'Biden's memory is hazy, poor, fuzzy,' says report on US President
In a poll by The Associated Press-NORC Center for Public Affairs, 77 per cent of US adults said Biden was too old to be effective for four more years
Lingering concerns about President Joe Biden's age and ability have deepened after a special report probing his possession of classified documents described the 81-year-old’s memory as ‘hazy’ and ‘poor’.
The report on Thursday said the Democrat's memory was ‘hazy,’ ‘fuzzy’, ‘faulty’, ‘poor’ and having ‘significant limitations’. It said that Biden could not recall defining milestones in his own life.
"He did not remember when he was vice president, forgetting on the first day of the interview when his term ended ('if it was 2013 — when did I stop being Vice President?'), and forgetting on the second day of the interview when his term began ('in 2009, am I still Vice President?')," the report said. “He did not remember, even within several years, when his son Beau died.”
Undermining Biden
While Biden won’t face charges for mishandling classified documents, the report's claims about his memory could undermine Biden's message to voters that he can manage the government and safeguard the US.
Voters are going into this year's election with severe misgivings about Biden's age, having scrutinized his gaffes, his coughing, his slow walking and even a tumble off his bicycle.
In ruling out a prosecution of Biden over his retention of highly classified materials as a private citizen, the report suggested he would seem too feeble to prosecute.
“It would be difficult to convince a jury that they should convict him — by then a former president well into his eighties — of a serious felony that requires a mental state of willfulness.”
The White House pushed back on the characterisations of Biden's memory in a February 5 letter from the president's lawyers that was published in special counsel Robert Hur's report.

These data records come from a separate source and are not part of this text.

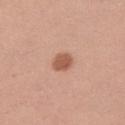biopsy status: catalogued during a skin exam; not biopsied | TBP lesion metrics: a footprint of about 4.5 mm² and an outline eccentricity of about 0.55 (0 = round, 1 = elongated); a classifier nevus-likeness of about 100/100 and lesion-presence confidence of about 100/100 | patient: male, in their 30s | tile lighting: white-light illumination | image source: total-body-photography crop, ~15 mm field of view | anatomic site: the left upper arm | diameter: ~2.5 mm (longest diameter).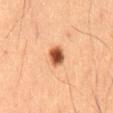Q: Was a biopsy performed?
A: no biopsy performed (imaged during a skin exam)
Q: What is the anatomic site?
A: the mid back
Q: What are the patient's age and sex?
A: male, roughly 65 years of age
Q: What did automated image analysis measure?
A: a lesion area of about 5 mm² and a shape-asymmetry score of about 0.15 (0 = symmetric)
Q: How large is the lesion?
A: ~2.5 mm (longest diameter)
Q: What is the imaging modality?
A: 15 mm crop, total-body photography
Q: How was the tile lit?
A: cross-polarized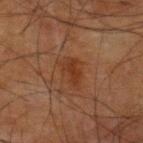Measured at roughly 4 mm in maximum diameter. A male subject, in their mid-70s. The lesion is located on the right upper arm. Cropped from a whole-body photographic skin survey; the tile spans about 15 mm.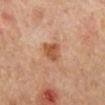Assessment:
This lesion was catalogued during total-body skin photography and was not selected for biopsy.
Background:
This is a cross-polarized tile. The lesion is on the right lower leg. A 15 mm close-up extracted from a 3D total-body photography capture. Approximately 2.5 mm at its widest. An algorithmic analysis of the crop reported a mean CIELAB color near L≈54 a*≈24 b*≈35, about 11 CIELAB-L* units darker than the surrounding skin, and a lesion-to-skin contrast of about 8 (normalized; higher = more distinct). The software also gave a border-irregularity rating of about 2.5/10, internal color variation of about 3 on a 0–10 scale, and peripheral color asymmetry of about 1. A female patient, aged 58–62.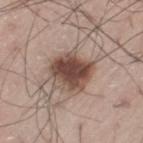Impression:
The lesion was photographed on a routine skin check and not biopsied; there is no pathology result.
Acquisition and patient details:
The subject is a male in their 70s. The tile uses white-light illumination. The lesion is on the lower back. A 15 mm close-up extracted from a 3D total-body photography capture.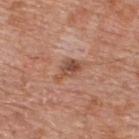Impression: No biopsy was performed on this lesion — it was imaged during a full skin examination and was not determined to be concerning. Background: Imaged with white-light lighting. The lesion-visualizer software estimated an area of roughly 5 mm², an eccentricity of roughly 0.85, and a shape-asymmetry score of about 0.45 (0 = symmetric). It also reported about 10 CIELAB-L* units darker than the surrounding skin. The software also gave border irregularity of about 4.5 on a 0–10 scale and peripheral color asymmetry of about 1.5. It also reported a nevus-likeness score of about 5/100 and lesion-presence confidence of about 100/100. A region of skin cropped from a whole-body photographic capture, roughly 15 mm wide. The lesion is on the upper back. A male patient, about 80 years old. Measured at roughly 4 mm in maximum diameter.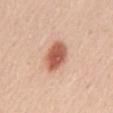Impression:
Recorded during total-body skin imaging; not selected for excision or biopsy.
Acquisition and patient details:
A roughly 15 mm field-of-view crop from a total-body skin photograph. The lesion's longest dimension is about 4.5 mm. Located on the mid back. The total-body-photography lesion software estimated an area of roughly 10 mm², an outline eccentricity of about 0.8 (0 = round, 1 = elongated), and a symmetry-axis asymmetry near 0.2. It also reported a border-irregularity rating of about 2/10 and a peripheral color-asymmetry measure near 1. A female subject, approximately 45 years of age. This is a white-light tile.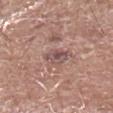lighting — white-light
site — the left lower leg
size — ~3 mm (longest diameter)
patient — male, aged approximately 65
automated metrics — a classifier nevus-likeness of about 0/100 and lesion-presence confidence of about 95/100
imaging modality — ~15 mm crop, total-body skin-cancer survey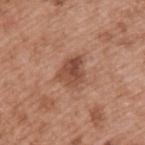Clinical impression:
The lesion was photographed on a routine skin check and not biopsied; there is no pathology result.
Clinical summary:
A male subject, in their mid- to late 50s. The lesion is on the upper back. A roughly 15 mm field-of-view crop from a total-body skin photograph. Measured at roughly 3.5 mm in maximum diameter.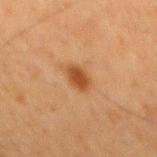The lesion was photographed on a routine skin check and not biopsied; there is no pathology result. The total-body-photography lesion software estimated a footprint of about 4.5 mm² and a shape eccentricity near 0.8. The analysis additionally found a mean CIELAB color near L≈41 a*≈22 b*≈34 and a lesion–skin lightness drop of about 10. It also reported internal color variation of about 2 on a 0–10 scale. And it measured an automated nevus-likeness rating near 95 out of 100 and a detector confidence of about 100 out of 100 that the crop contains a lesion. Captured under cross-polarized illumination. Cropped from a total-body skin-imaging series; the visible field is about 15 mm. The lesion is on the mid back. The subject is a male in their mid-60s. About 3 mm across.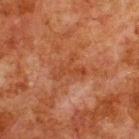The lesion was photographed on a routine skin check and not biopsied; there is no pathology result.
Located on the back.
The subject is a male in their 80s.
A lesion tile, about 15 mm wide, cut from a 3D total-body photograph.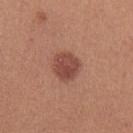Q: Was a biopsy performed?
A: catalogued during a skin exam; not biopsied
Q: What did automated image analysis measure?
A: a classifier nevus-likeness of about 95/100 and a detector confidence of about 100 out of 100 that the crop contains a lesion
Q: Who is the patient?
A: female, roughly 25 years of age
Q: What lighting was used for the tile?
A: white-light illumination
Q: What is the anatomic site?
A: the right upper arm
Q: How large is the lesion?
A: ~3.5 mm (longest diameter)
Q: What kind of image is this?
A: ~15 mm tile from a whole-body skin photo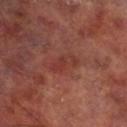body site: the leg
tile lighting: cross-polarized
imaging modality: total-body-photography crop, ~15 mm field of view
lesion size: about 4 mm
subject: male, aged around 60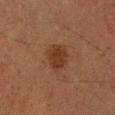| key | value |
|---|---|
| notes | total-body-photography surveillance lesion; no biopsy |
| location | the right upper arm |
| patient | male, aged approximately 75 |
| lesion size | about 3.5 mm |
| tile lighting | cross-polarized |
| image | total-body-photography crop, ~15 mm field of view |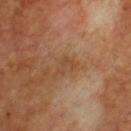Case summary:
• notes · catalogued during a skin exam; not biopsied
• body site · the front of the torso
• image · ~15 mm crop, total-body skin-cancer survey
• tile lighting · cross-polarized illumination
• subject · male, aged around 65
• lesion diameter · about 2.5 mm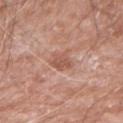The lesion was tiled from a total-body skin photograph and was not biopsied.
The subject is a male aged around 60.
Located on the right forearm.
A 15 mm close-up extracted from a 3D total-body photography capture.
Longest diameter approximately 3 mm.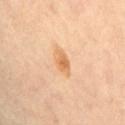workup = imaged on a skin check; not biopsied
body site = the abdomen
lesion diameter = ~3 mm (longest diameter)
patient = female, roughly 65 years of age
tile lighting = cross-polarized illumination
image source = 15 mm crop, total-body photography
automated metrics = a lesion area of about 4 mm² and two-axis asymmetry of about 0.2; a nevus-likeness score of about 60/100 and lesion-presence confidence of about 100/100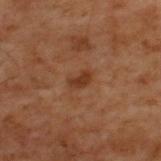follow-up = imaged on a skin check; not biopsied.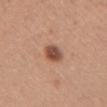Case summary:
• notes — imaged on a skin check; not biopsied
• patient — female, approximately 35 years of age
• acquisition — total-body-photography crop, ~15 mm field of view
• automated metrics — an average lesion color of about L≈50 a*≈23 b*≈30 (CIELAB), about 14 CIELAB-L* units darker than the surrounding skin, and a normalized lesion–skin contrast near 9.5; a color-variation rating of about 5/10 and peripheral color asymmetry of about 1.5; a nevus-likeness score of about 95/100
• location — the chest
• lighting — white-light
• lesion size — ~3 mm (longest diameter)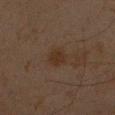The lesion is located on the right forearm. A close-up tile cropped from a whole-body skin photograph, about 15 mm across. The subject is a male in their mid- to late 40s. Measured at roughly 2.5 mm in maximum diameter. Automated image analysis of the tile measured a footprint of about 4.5 mm² and an outline eccentricity of about 0.4 (0 = round, 1 = elongated). It also reported a lesion color around L≈24 a*≈13 b*≈22 in CIELAB, about 5 CIELAB-L* units darker than the surrounding skin, and a normalized lesion–skin contrast near 7. And it measured a classifier nevus-likeness of about 25/100. Captured under cross-polarized illumination.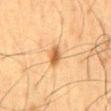Clinical impression:
The lesion was tiled from a total-body skin photograph and was not biopsied.
Clinical summary:
The patient is a male aged approximately 60. From the mid back. A lesion tile, about 15 mm wide, cut from a 3D total-body photograph. Automated image analysis of the tile measured an area of roughly 4 mm², a shape eccentricity near 0.8, and two-axis asymmetry of about 0.2. The analysis additionally found border irregularity of about 1.5 on a 0–10 scale, internal color variation of about 3.5 on a 0–10 scale, and radial color variation of about 1. This is a cross-polarized tile.

The letter argues that Biden's “inability to recall dates or details of events that happened years ago is neither surprising nor unusual,” particularly about when certain documents were packed or moved.
It is not unusual for the subjects of government investigations to say they don't recall an event or a conversation in order to avoid issues such as perjury.
The special counsel did not release the transcript of the interviews with Biden, so some context is unclear.
Former President Donald Trump, the current Republican front-runner, has boasted of his own vast memory but has also at times said in legal proceedings that he does not recall certain events.
Age, memory issues
Biden noted in a statement issued on Thursday that he had sat for five hours of interviews with Hur's team over two days on October 8 and 9, “even though Israel had just been attacked on October 7th and I was in the middle of handling an international crisis”.
In an August poll by The Associated Press-NORC Center for Public Affairs, 77 per cent of US adults said Biden was too old to be effective for four more years.
It was one of the rare sources of bipartisan agreement during a politically polarized era, with 89 per cent of Republicans and 69 per cent of Democrats saying Biden's age is a problem.
Haley or Pelosi?
The release of the report overlapped with recent Biden speeches in which he mistakenly claimed to talk with European leaders — France's Francois Mitterrand and Germany's Helmut Kohl — who had not held office since the 1990s and had died several years ago.
The 77-year-old Trump also faces questions about recent memory lapses.
In a January speech, Trump mistakenly and repeatedly confused former UN Ambassador Nikki Haley, his major opponent for the GOP nomination, with Rep. Nancy Pelosi, D-Calif.
Republican attack
But Republican critics were quick to pile on Thursday as the special counsel's report became public.
Rep. Tom Emmer, R-Minn., said on X that the report was “alarming” and it's clear that Biden “does not have the cognitive ability to be President”.
“If you're too senile to stand trial, then you're too senile to be president. Joe Biden is unfit to lead this nation,” said Alex Pfeiffer, a spokesman for Make America Great Again Inc., the main super PAC backing Trump's candidacy.